=== Section Start ===
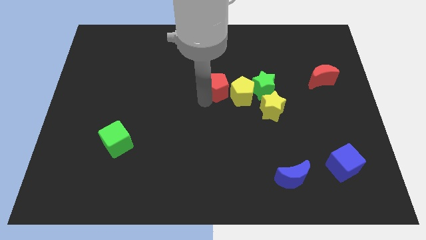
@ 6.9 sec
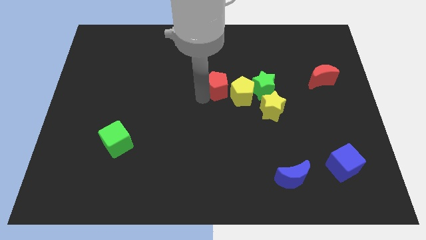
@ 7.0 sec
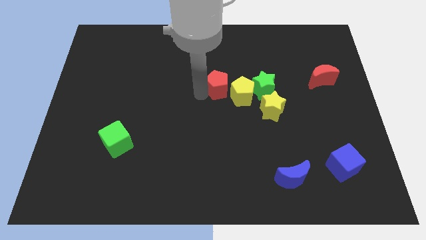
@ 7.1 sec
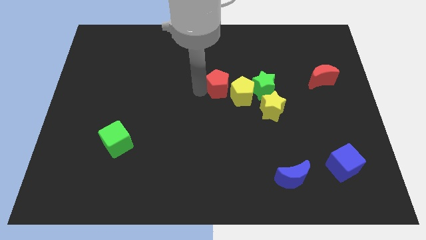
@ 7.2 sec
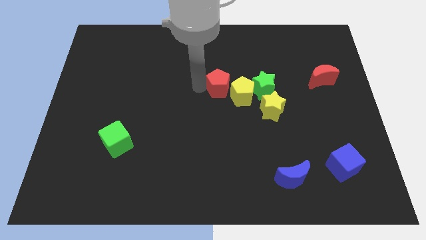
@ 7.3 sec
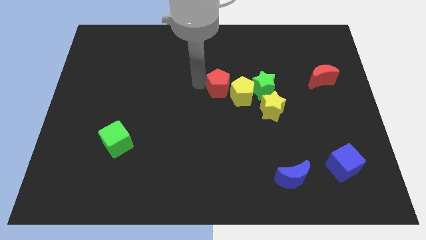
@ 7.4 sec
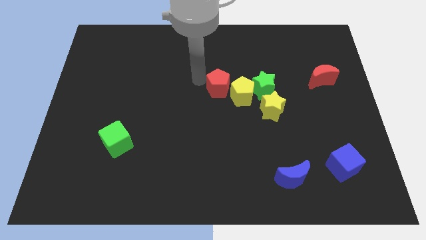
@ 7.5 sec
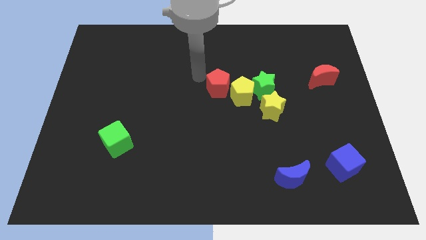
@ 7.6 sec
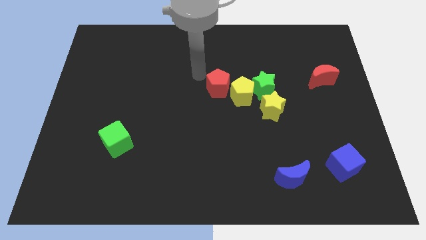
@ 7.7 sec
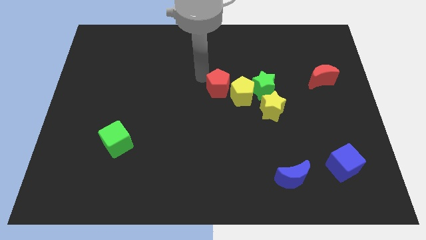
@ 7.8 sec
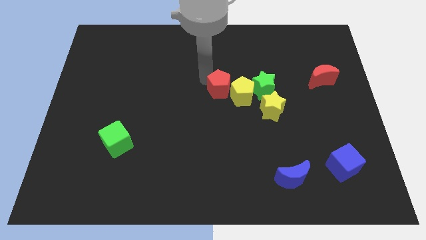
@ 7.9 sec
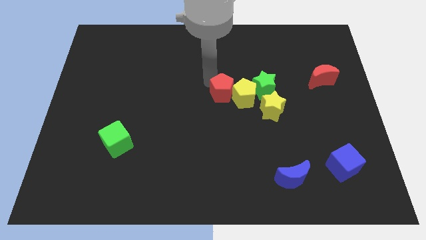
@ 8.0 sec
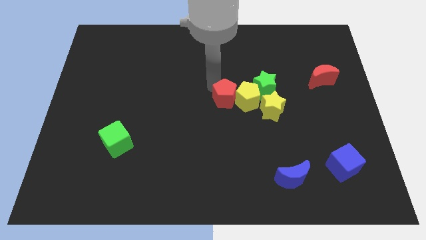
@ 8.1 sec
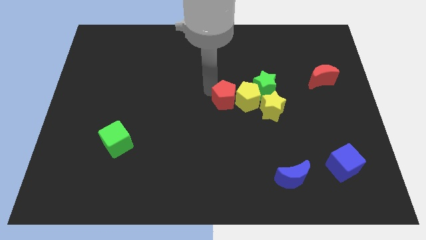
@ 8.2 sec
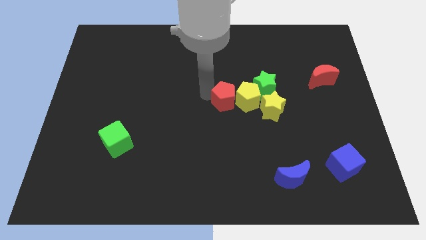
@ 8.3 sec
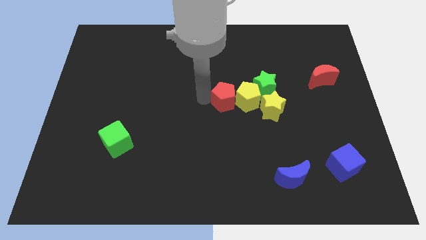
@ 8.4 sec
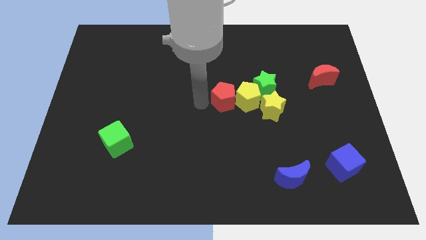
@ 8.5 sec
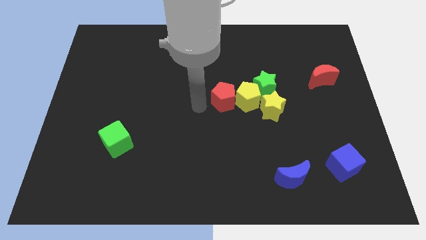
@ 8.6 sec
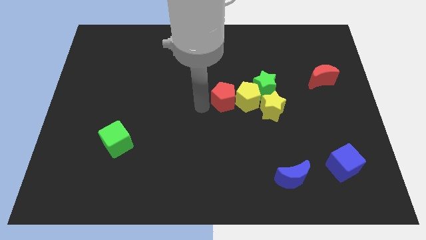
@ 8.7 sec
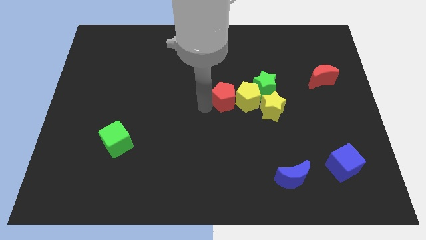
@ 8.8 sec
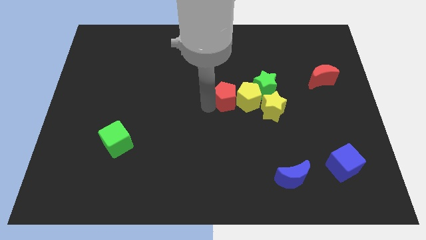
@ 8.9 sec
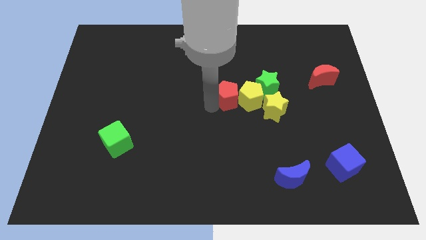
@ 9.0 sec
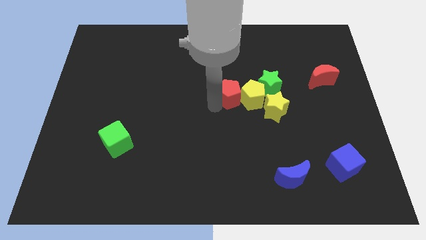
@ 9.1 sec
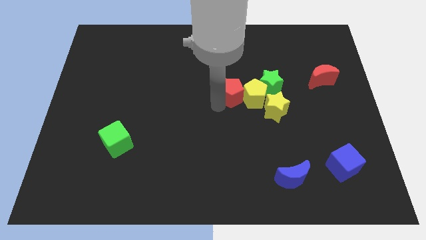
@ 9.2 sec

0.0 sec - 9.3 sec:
=== Section End ===
- _THE TASK_
Return the material exactly as written, except for any pictures it holds.

- _RESPONSE FOR THIS EXERCISE_
@ 6.9 sec
@ 7.0 sec
@ 7.1 sec
@ 7.2 sec
@ 7.3 sec
@ 7.4 sec
@ 7.5 sec
@ 7.6 sec
@ 7.7 sec
@ 7.8 sec
@ 7.9 sec
@ 8.0 sec
@ 8.1 sec
@ 8.2 sec
@ 8.3 sec
@ 8.4 sec
@ 8.5 sec
@ 8.6 sec
@ 8.7 sec
@ 8.8 sec
@ 8.9 sec
@ 9.0 sec
@ 9.1 sec
@ 9.2 sec

0.0 sec - 9.3 sec:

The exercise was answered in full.